They are. Rugby gets significantly fewer head injuries and those that occur are less severe. The perceived safety leading to greater risks and injury is a well-documented phenomenon, not just with football.
I don't disagree at all, and I think some of this can be seen by examining why the United States is the defending Olympic rugby champion--since 1924.
Here is a description of how it happened, but my summary is all you really need.
The USA had legitimately won the gold medal in 1920, but the sport had been abandoned in the country almost immediately. When 1924 rolled around, the country had no active rugby players. The games were to be held in France, and the French rugby team was confident they would win easily. Part of the reason, surprisingly, was the ugly rowdiness of their fans--the English team refused to play because of them. The French demanded that the USA produce a team so they could dethrone the defending champions, and the USA produced a team with a few of the people from the last team, people who had not played the game since. The rest of the team was made up of football players who had never played rugby.
After limited training, including in England where they learned the basics of the game, they went to Paris to play. As the game went on, the French (who clearly hated Americans) were winning, and they were playing dirty as well. The American football players decided to stop playing like rugby players and start playing like football players, using low, hard, driving tackles rather then the upper body wrestling tackles used in rugby. They injured the dirtiest of the French players this way, and they won the game and the gold medal.

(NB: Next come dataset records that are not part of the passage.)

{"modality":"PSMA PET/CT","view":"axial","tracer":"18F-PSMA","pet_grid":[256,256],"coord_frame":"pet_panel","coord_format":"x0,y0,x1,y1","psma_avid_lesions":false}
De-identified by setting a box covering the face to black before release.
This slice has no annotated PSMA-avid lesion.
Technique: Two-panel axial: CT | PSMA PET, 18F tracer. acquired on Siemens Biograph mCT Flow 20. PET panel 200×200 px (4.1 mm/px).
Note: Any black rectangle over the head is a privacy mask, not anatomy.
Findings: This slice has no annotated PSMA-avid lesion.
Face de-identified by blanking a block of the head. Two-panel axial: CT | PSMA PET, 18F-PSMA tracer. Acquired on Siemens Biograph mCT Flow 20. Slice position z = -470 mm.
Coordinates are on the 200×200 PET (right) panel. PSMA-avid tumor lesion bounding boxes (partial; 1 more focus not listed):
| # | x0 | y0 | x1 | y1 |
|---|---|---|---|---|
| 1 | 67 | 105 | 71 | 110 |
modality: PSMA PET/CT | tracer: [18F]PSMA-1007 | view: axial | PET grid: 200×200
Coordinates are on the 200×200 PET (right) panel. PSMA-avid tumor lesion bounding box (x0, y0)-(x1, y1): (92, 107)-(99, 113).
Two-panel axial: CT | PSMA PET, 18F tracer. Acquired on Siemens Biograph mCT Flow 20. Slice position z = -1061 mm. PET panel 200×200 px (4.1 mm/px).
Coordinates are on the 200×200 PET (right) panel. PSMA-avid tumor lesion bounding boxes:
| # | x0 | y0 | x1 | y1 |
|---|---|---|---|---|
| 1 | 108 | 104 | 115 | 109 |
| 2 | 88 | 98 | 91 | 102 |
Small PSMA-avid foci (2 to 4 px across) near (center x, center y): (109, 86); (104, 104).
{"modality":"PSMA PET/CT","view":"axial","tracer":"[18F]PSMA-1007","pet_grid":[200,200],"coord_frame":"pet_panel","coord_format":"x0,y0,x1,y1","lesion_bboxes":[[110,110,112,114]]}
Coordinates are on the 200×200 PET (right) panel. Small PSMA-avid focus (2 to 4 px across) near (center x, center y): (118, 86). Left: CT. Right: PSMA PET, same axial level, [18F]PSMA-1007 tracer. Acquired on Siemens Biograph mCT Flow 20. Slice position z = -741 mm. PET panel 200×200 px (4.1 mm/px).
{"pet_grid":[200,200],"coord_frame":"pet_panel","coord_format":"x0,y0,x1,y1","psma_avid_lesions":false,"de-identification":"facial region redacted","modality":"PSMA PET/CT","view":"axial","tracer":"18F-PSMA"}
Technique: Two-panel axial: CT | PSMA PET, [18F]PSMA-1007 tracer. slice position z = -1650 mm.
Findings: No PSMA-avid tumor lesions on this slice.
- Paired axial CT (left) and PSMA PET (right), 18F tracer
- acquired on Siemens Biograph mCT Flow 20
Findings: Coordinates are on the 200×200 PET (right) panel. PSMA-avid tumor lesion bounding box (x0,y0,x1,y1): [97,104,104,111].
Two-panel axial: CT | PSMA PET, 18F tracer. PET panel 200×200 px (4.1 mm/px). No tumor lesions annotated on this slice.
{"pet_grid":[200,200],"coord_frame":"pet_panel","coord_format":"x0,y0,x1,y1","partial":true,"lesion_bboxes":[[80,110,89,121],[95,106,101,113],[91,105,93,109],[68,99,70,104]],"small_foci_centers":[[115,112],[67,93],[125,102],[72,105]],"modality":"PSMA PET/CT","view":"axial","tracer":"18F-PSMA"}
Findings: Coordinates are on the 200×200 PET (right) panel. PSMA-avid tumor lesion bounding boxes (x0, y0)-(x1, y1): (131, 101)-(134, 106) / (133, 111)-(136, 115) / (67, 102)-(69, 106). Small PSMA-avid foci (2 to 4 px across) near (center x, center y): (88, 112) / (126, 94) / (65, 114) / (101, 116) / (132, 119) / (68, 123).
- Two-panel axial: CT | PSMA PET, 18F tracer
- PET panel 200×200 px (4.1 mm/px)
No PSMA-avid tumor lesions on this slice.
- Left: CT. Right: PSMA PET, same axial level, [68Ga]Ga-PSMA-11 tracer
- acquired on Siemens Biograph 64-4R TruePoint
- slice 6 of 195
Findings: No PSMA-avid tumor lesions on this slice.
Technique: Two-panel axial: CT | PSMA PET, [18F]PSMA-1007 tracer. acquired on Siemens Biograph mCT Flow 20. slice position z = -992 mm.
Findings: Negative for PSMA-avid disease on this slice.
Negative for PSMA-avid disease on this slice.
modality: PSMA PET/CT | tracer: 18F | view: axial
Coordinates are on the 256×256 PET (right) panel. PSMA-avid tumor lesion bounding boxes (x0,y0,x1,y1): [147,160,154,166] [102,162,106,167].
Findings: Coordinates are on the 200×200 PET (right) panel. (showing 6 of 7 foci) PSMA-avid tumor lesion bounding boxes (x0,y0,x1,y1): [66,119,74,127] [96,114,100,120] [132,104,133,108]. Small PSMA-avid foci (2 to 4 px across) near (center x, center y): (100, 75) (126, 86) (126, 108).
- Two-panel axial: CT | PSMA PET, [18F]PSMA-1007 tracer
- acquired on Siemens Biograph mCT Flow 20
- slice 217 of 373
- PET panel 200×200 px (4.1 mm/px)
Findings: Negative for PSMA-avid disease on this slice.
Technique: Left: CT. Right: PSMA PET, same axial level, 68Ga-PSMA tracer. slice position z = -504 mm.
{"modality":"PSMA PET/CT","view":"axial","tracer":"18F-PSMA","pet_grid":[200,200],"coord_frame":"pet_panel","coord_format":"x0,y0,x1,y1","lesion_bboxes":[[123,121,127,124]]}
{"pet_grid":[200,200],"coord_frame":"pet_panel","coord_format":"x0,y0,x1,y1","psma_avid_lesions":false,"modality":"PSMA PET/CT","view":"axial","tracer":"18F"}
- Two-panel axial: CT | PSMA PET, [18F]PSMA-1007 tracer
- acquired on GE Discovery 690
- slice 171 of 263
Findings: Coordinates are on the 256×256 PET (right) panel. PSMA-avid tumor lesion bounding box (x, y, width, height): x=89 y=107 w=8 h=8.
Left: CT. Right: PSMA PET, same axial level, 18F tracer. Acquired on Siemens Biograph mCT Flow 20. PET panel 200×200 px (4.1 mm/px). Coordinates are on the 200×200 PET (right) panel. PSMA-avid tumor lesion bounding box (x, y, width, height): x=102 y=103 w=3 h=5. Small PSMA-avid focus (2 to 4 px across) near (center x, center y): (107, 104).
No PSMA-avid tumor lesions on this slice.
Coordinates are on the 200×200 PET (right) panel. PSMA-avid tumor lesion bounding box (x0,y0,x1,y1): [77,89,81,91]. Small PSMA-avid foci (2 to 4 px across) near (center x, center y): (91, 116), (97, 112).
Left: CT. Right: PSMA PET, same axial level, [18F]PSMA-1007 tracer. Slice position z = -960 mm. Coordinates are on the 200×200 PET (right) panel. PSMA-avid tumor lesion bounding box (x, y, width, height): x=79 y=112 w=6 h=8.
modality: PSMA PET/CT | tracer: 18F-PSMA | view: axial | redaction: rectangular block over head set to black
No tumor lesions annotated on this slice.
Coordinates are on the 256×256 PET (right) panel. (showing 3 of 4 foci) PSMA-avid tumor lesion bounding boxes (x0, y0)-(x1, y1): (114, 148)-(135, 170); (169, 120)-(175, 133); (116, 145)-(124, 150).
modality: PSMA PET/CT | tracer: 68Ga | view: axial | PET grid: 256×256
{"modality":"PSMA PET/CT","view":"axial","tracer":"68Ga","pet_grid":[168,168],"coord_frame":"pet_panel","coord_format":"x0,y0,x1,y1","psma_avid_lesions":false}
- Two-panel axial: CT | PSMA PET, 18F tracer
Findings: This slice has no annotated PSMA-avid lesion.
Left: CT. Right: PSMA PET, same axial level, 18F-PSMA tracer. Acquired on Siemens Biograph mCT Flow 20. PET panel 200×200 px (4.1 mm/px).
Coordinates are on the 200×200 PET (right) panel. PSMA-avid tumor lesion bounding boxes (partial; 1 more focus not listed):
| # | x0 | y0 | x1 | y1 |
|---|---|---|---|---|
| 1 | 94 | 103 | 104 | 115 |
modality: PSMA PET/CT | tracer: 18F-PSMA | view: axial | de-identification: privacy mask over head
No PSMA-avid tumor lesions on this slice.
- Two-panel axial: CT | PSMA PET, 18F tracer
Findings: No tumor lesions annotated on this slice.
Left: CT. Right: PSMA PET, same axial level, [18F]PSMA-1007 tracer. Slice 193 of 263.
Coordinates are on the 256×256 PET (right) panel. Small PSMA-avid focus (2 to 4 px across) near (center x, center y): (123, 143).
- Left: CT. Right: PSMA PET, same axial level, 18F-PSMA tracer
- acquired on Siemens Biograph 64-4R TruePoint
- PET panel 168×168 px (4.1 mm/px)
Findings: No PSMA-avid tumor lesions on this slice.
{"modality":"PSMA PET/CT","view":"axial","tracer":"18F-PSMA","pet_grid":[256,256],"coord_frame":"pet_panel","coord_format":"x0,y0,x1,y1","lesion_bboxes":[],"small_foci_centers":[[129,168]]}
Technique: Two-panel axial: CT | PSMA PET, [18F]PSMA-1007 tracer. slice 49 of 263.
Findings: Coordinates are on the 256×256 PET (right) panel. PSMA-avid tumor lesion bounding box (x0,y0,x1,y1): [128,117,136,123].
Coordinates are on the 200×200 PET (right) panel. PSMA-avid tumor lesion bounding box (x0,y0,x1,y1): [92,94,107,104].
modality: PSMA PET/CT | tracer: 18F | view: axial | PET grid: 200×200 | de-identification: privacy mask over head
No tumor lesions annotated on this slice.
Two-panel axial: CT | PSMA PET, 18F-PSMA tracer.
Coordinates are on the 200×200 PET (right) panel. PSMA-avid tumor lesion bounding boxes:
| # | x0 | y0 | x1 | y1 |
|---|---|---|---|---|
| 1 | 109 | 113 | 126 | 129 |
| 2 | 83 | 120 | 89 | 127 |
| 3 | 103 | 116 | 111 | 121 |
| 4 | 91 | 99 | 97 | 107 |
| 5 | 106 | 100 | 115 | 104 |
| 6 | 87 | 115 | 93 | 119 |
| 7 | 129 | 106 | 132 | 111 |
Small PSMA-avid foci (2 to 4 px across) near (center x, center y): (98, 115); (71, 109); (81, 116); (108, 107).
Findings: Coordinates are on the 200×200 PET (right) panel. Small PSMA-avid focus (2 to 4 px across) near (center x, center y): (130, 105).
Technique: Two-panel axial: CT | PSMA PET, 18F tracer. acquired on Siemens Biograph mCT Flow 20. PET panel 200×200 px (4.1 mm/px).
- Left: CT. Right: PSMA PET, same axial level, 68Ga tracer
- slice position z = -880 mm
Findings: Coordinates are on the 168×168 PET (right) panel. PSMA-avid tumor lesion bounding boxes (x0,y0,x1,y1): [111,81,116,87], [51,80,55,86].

The Americans are the reigning champions now because rugby was dropped from the olympics after that. Various reasons were given, but many sports historians were afraid that the tactics by which a group of football players who had barely ever seen a rugby match, let alone play in one, could win the Olympic gold medal would become the norm for the game.
It is not just the equipment. There is a gentleman's agreement as to how the game should be played, even if playing it differently might be more effective.
Another example, BTW, is shin guards in soccer. Before shin guards became the norm, there was a gentleman's agreement not to use tackling techniques that could potentially injure a player. With mandatory shin guards, that gentleman's agreement became a relic of the past.